The energy market is complex and is a prime example of an oligopoly: a few dominant firms in the market and interdependence between the suppliers. Over 95% of the market is supplied by the so-called ‘big six’ and collectively they generate 80% of the country’s electricity. There are two further large generators (Drax Power Limited and GDF Suez Energy UK), meaning the electricity generation is also an oligopoly.
This sector has seen media attention for some years, with criticisms about the high profits made by suppliers, the high prices they charge and the lack of competition. Numerous investigations have taken place by Ofgem, the energy market regulator, and the latest development builds on a simple concept that has been a known problem for decades: barriers to entry. It is very difficult for new firms to enter this market, in particular because of the vertically integrated nature of the big six. Not only are they the suppliers of the energy, but they are also the energy generators. It is therefore very difficult for new suppliers to enter the market and access the energy that is generated.

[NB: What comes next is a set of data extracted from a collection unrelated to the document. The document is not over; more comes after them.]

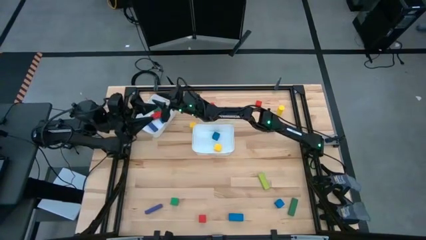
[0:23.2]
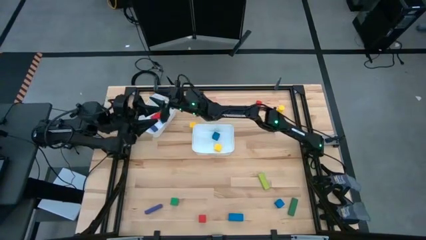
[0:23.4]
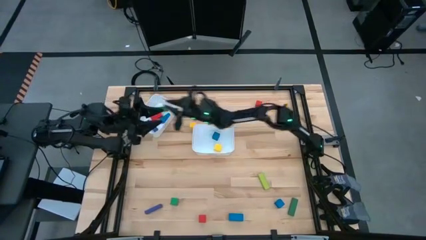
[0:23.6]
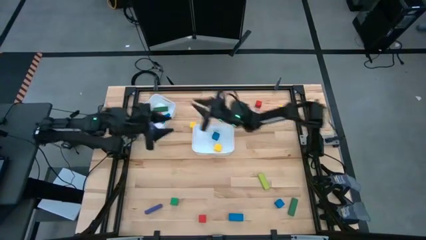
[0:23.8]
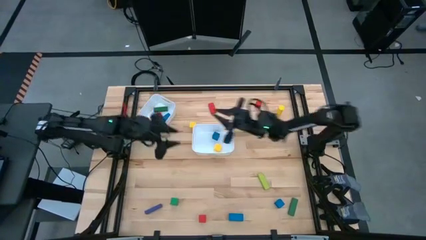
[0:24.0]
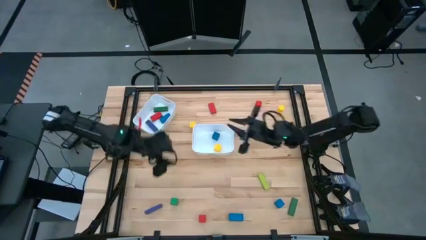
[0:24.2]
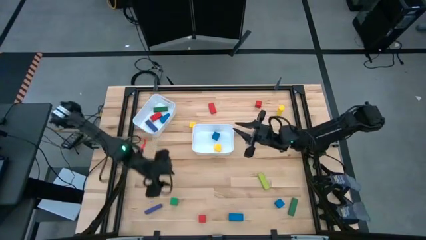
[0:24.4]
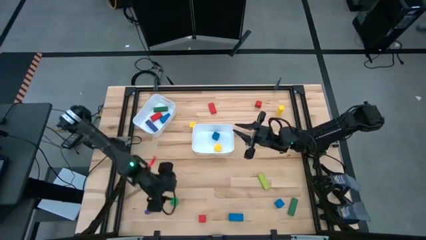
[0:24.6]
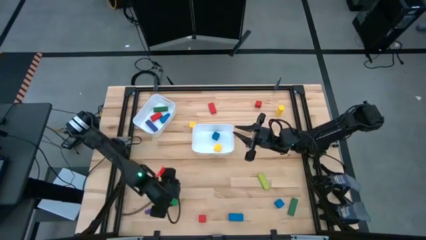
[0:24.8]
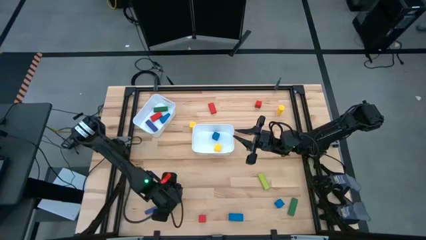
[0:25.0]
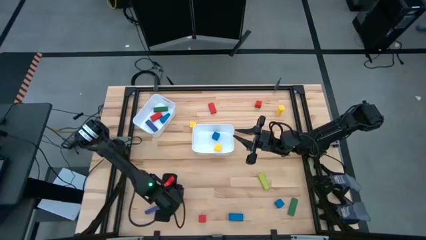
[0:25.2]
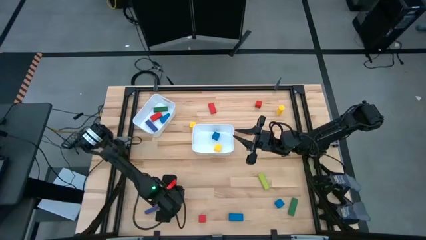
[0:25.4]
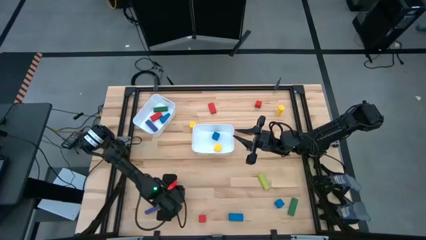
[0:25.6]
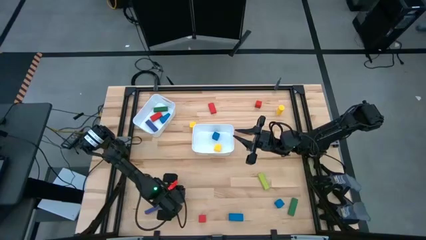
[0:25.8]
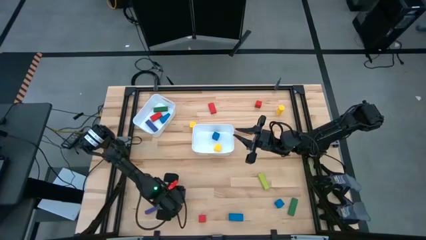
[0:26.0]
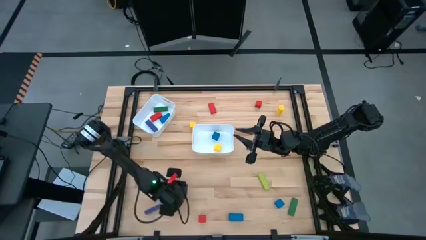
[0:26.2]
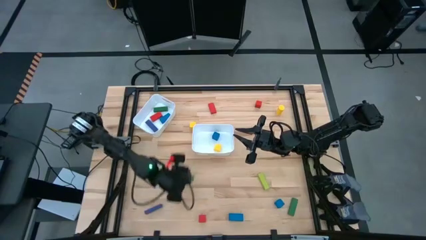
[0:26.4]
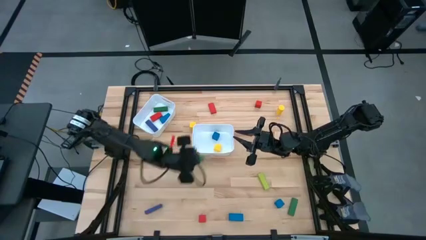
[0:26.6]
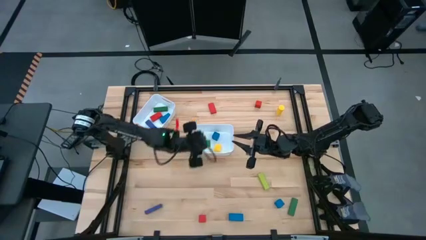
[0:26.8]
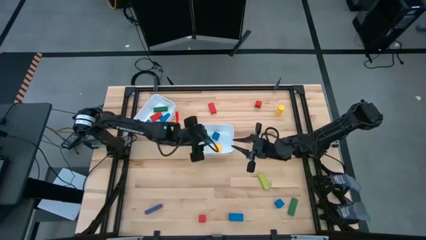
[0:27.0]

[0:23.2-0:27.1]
Put the green small block into the bottom white bin

Ofgem’s new plans will aim to reduce the barriers to entry in the market and thus make it easier for new firms to enter and act as effective competitors. The big six energy generators are vertically integrated companies and thus effectively sell their energy to themselves, whereas other suppliers have to purchase their energy before they can sell it. The regulator’s plans aim to improve transparency by ensuring that wholesale power prices are published two years in advance, thus making it easier for smaller companies to buy energy and then re-sell it. Andrew Wright, the Chief Executive of Ofgem, said:
These reforms give independent suppliers, generators and new entrants to the market, both the visibility of prices, and [the] opportunities to trade, [that] they need to compete with the largest energy suppliers…Almost two million customers are with independent suppliers, and we expect these reforms to help these suppliers and any new entrants to grow.
Although such reforms will reduce the barriers to entry in the market and thus should aim to increase competition and hence benefit consumers, many argue that the reforms don’t go far enough and will have only minor effects on the competitiveness in the market. There are still calls for further reforms in the market and a more in-depth investigation to ensure that consumers are really getting the best deal. The following articles consider this ongoing saga and this highly complex market.
Ofgem ramps up scrutiny of Big six accounts Telegraph, Denise Roland (27/2/14)
Energy firms told to trade fairly with smaller rivals BBC News (26/2/14)
Energy regulator Ofgem force trading rules on ‘big six’ suppliers Financial Times, Andy Sharman (26/2/14)
Ed Davey calls on Ofgem to investigate energy firms’ gas profits The Guardian, Sean Farrell and Jennifer Rankin (10/2/14)
UK forces big power companies to reveal wholesale prices Reuters (26/2/14)
Watchdog unveils new rules on Big six energy prices Independent, Tom Bawden (26/2/14)
Energy Bills: New rules to boost competition Sky News, (26/2/14)
- What are the characteristics of an oligopoly?
- Explain the reason why the vertically integrated nature of the big six energy companies creates a barrier to the entry of new firms.
- What are the barriers to entry in (a) the electricity supply market and (b) the electricity generating market?
- What action has Ofgem suggested to increase competition in the market? How effective are the proposals likely to be/
- Why is there a concern about liquidity in the market?
- If barriers to entry are reduced, how will this affect competition in the market? How will consumers be affected?
- Why are there suggestions that Ofgem’s proposals don’t go far enough?